◆ **Exercise brief**: Include in the reply only the lines from the start of the data below through the line containing "Atelectasis, right: 2", reproduced exactly and with no pictures.

Stored records:
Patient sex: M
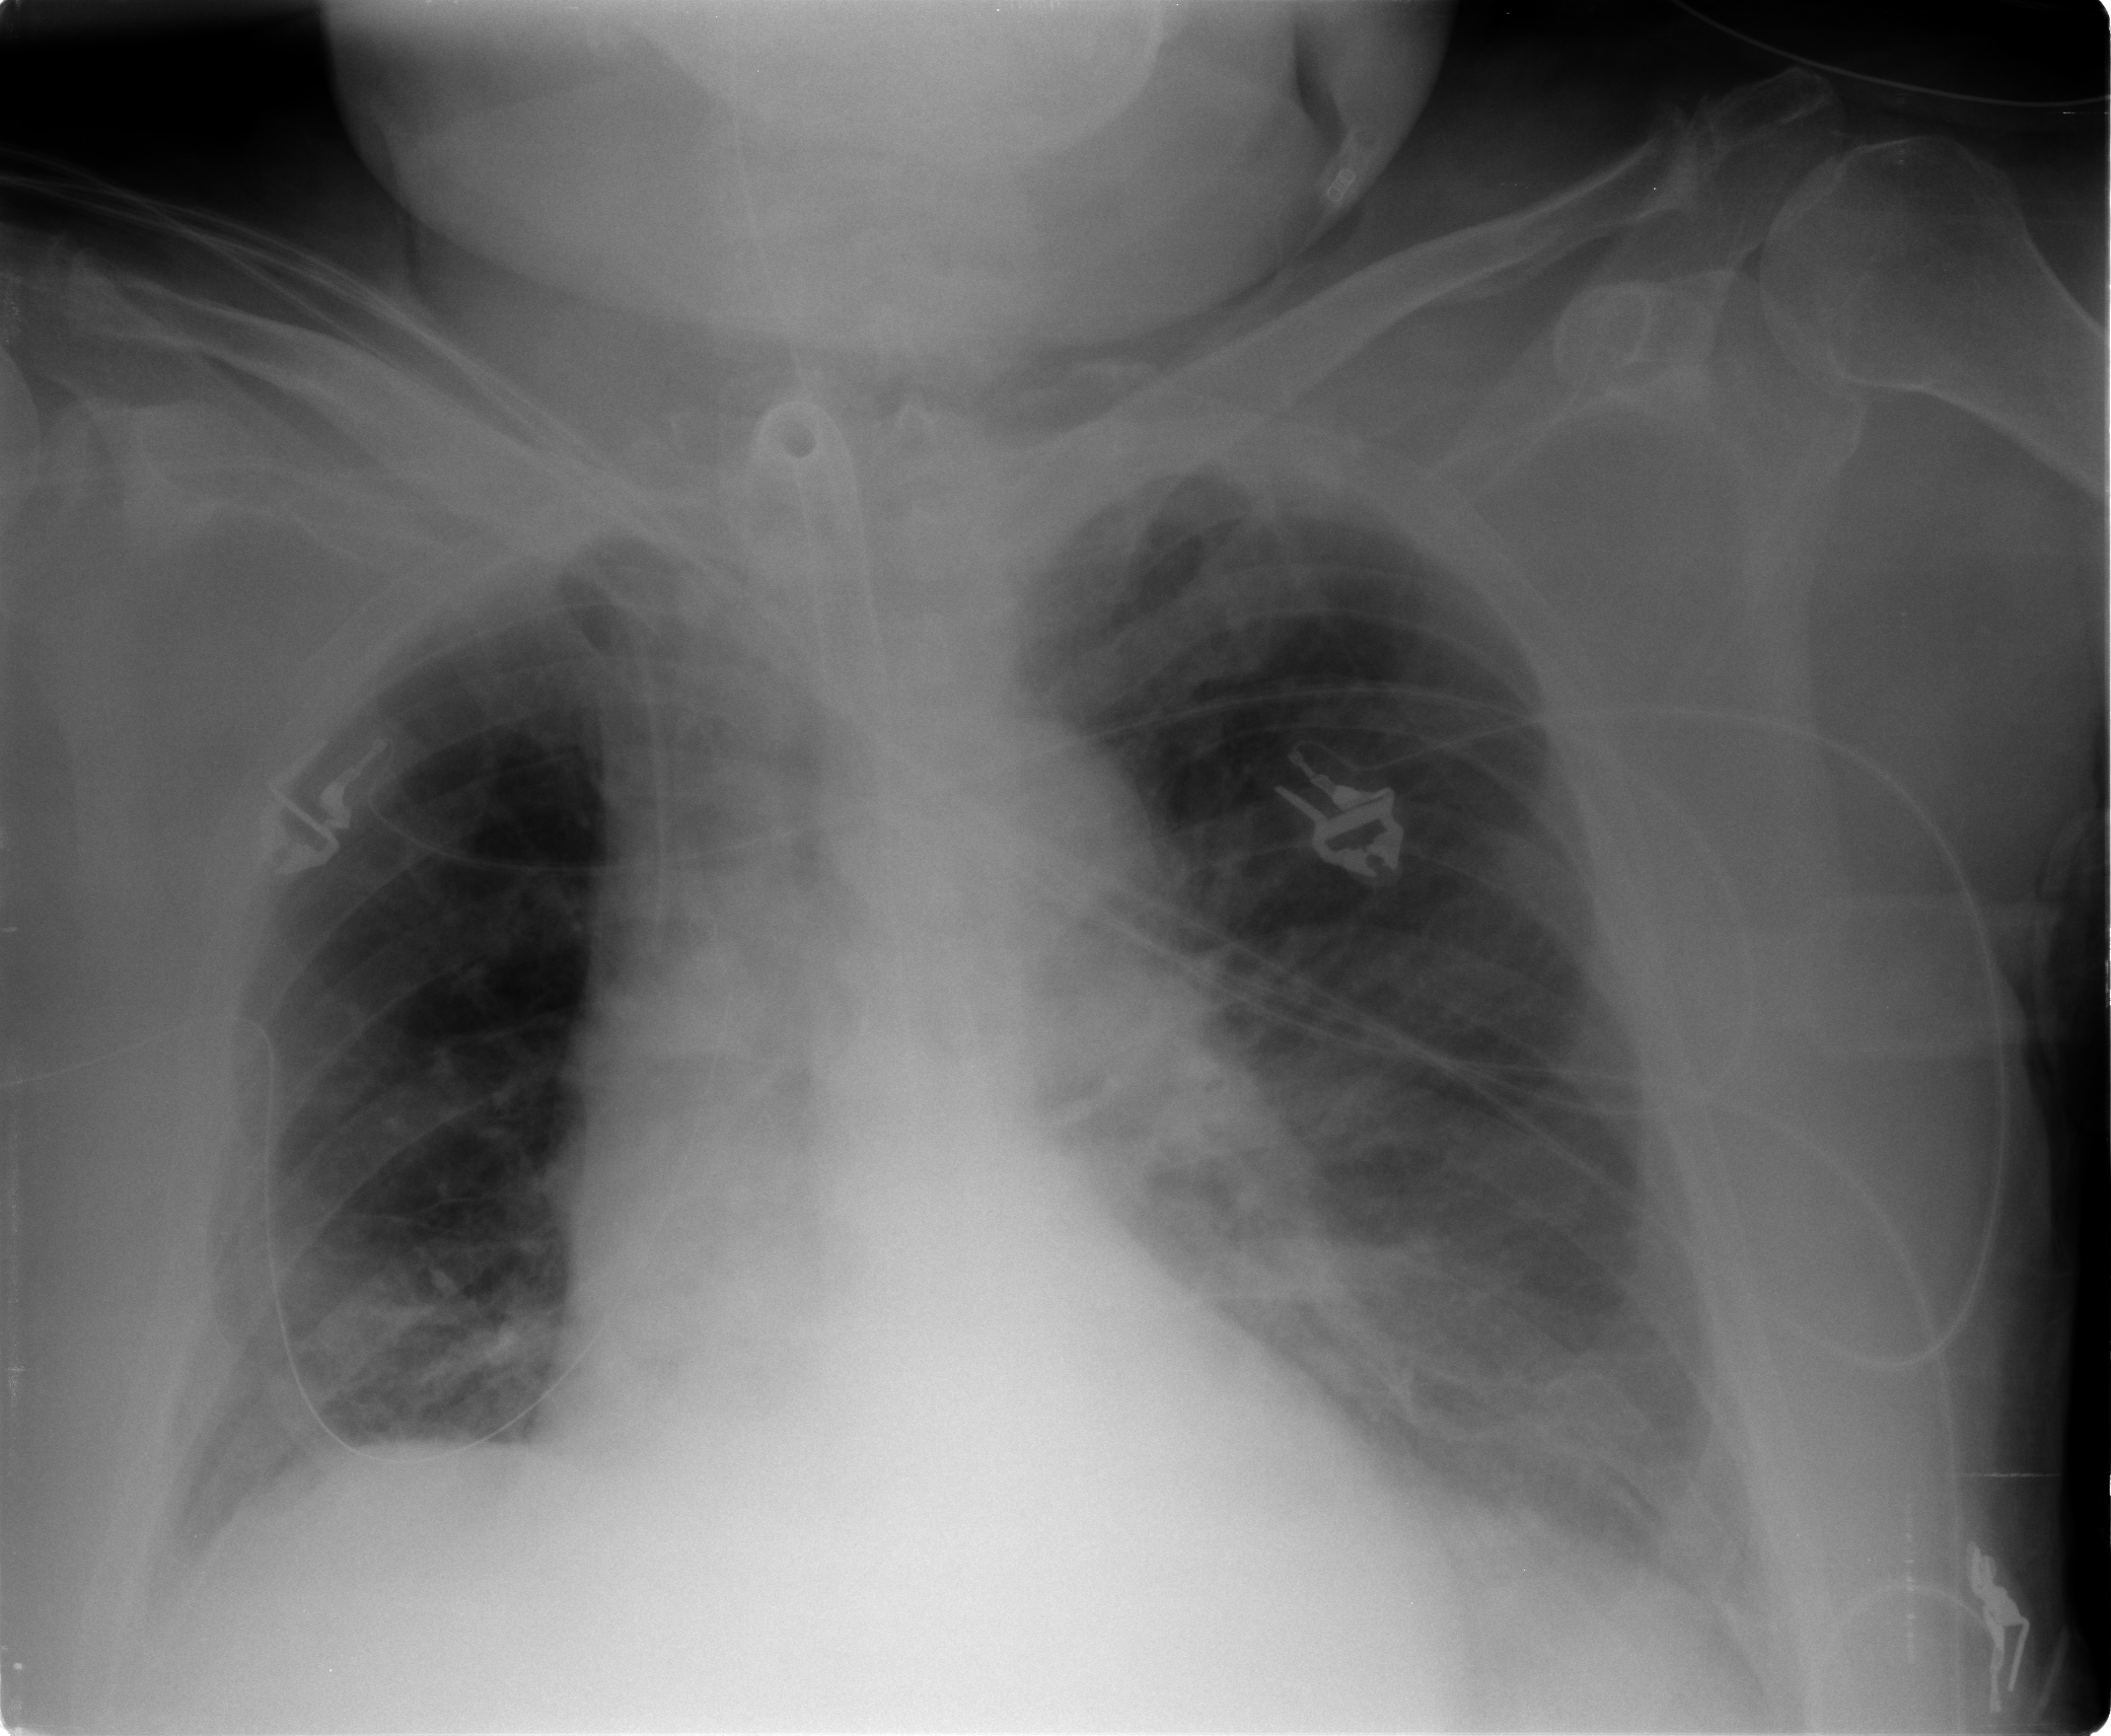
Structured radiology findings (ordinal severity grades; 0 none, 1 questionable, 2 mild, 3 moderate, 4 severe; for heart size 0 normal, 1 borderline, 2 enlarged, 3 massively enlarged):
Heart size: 1
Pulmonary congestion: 2
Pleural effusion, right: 1
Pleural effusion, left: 2
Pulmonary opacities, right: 1
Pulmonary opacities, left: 2
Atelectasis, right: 2
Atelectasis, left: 2

◆ **Answer for this exercise**:
Patient sex: M
Structured radiology findings (ordinal severity grades; 0 none, 1 questionable, 2 mild, 3 moderate, 4 severe; for heart size 0 normal, 1 borderline, 2 enlarged, 3 massively enlarged):
Heart size: 1
Pulmonary congestion: 2
Pleural effusion, right: 1
Pleural effusion, left: 2
Pulmonary opacities, right: 1
Pulmonary opacities, left: 2
Atelectasis, right: 2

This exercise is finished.